Learning — given only observations and no labels, what transition and emission tables best explain them? Solved by Baum-Welch, which is just the EM algorithm from the previous guide applied to a chain: guess the tables, infer the likely hidden states, re-estimate the tables, repeat.

This is the payoff of structure: the very same EM machinery you used to fit clusters now learns a model of time, with no labeled data at all. HMMs powered a generation of speech recognizers and remain a clean way to do part-of-speech tagging, gene finding, and other forms of sequence labeling like named-entity recognition.

Where they fit, honestly

It would be easy to think modern deep learning made all of this obsolete. It did not — it changed where the lines are drawn. The Markov assumption is genuinely limiting: an HMM forgets everything but the current state, so it struggles with long-range dependencies that a recurrent network or a transformer handles with ease. For raw accuracy on big labeled corpora, neural sequence models usually win.
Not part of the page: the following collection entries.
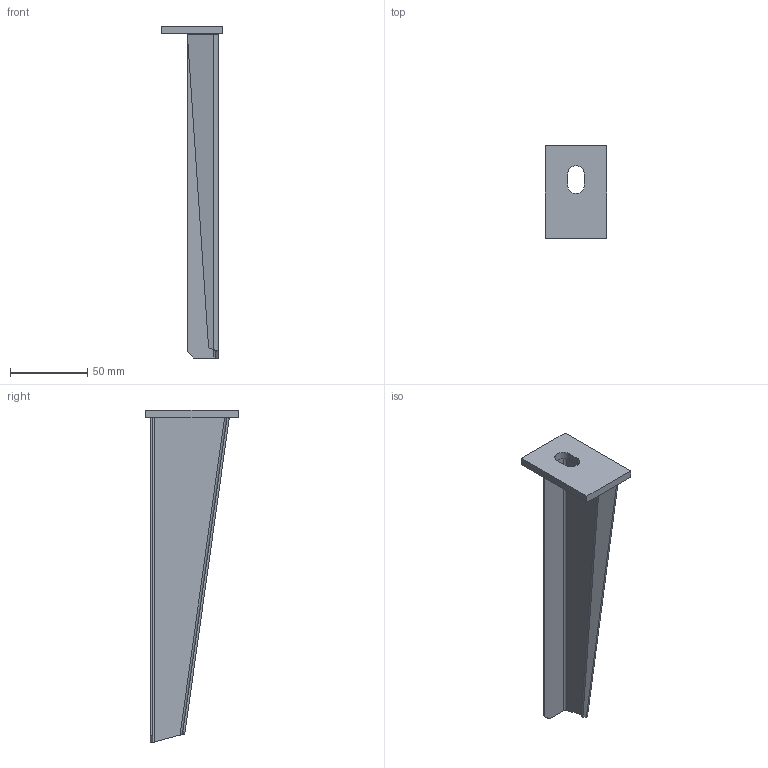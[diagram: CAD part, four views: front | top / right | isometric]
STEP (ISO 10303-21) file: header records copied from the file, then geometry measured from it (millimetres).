
FILE_DESCRIPTION((''),'2;1');
FILE_NAME('6420680_ORG_ASM','2012-06-19T',('AndreasKeweloh'),(''),'PRO/ENGINEER BY PARAMETRIC TECHNOLOGY CORPORATION, 2012060','PRO/ENGINEER BY PARAMETRIC TECHNOLOGY CORPORATION, 2012060','');
FILE_SCHEMA(('CONFIG_CONTROL_DESIGN'));
Length unit declared in the file: millimetre
Products named in the file (4): PRT0001; AUSLEGER-FORMTEIL; AUSLEGER_AW15_21_ASM; 6420680_ORG_ASM
Assembly tree (3 placements, depth 3):
  6420680_ORG_ASM
    AUSLEGER_AW15_21_ASM
      PRT0001
      AUSLEGER-FORMTEIL
Bounding box: 40 x 60 x 215 mm (x, y, z)
Volume: 31316.5 mm3; surface area: 33416.6 mm2
Topology: 2 solids, 2 shells, 31 faces, 77 edges, 50 vertices
Faces by surface type: plane 22, cylinder 6, bspline 3
Entity records: 1174 total; most frequent: CARTESIAN_POINT 319, DIRECTION 163, ORIENTED_EDGE 154, EDGE_CURVE 77, VECTOR 61, LINE 61, AXIS2_PLACEMENT_3D 51, VERTEX_POINT 50

But graphical models still earn their place for three honest reasons. They are interpretable: the arrows and tables mean something a person can read and argue with. They are data-frugal: a well-structured Bayesian network can reason sensibly from a handful of examples where a deep network would just overfit. And they handle missing data and uncertainty natively — you can observe some variables, leave others blank, and still get a coherent answer with calibrated confidence, not a guess dressed up as certainty.

The deeper lesson outlives any one technique. The two big ideas here — factor a hard problem along a graph of dependencies, and reason about hidden causes from visible effects — reappear everywhere downstream. When exact inference gets too expensive, the next guides reach for variational inference and sampling. And the modern probabilistic toolkit, from variational autoencoders to deep latent-variable models, is in large part these same graphical-model ideas wearing neural-network clothes.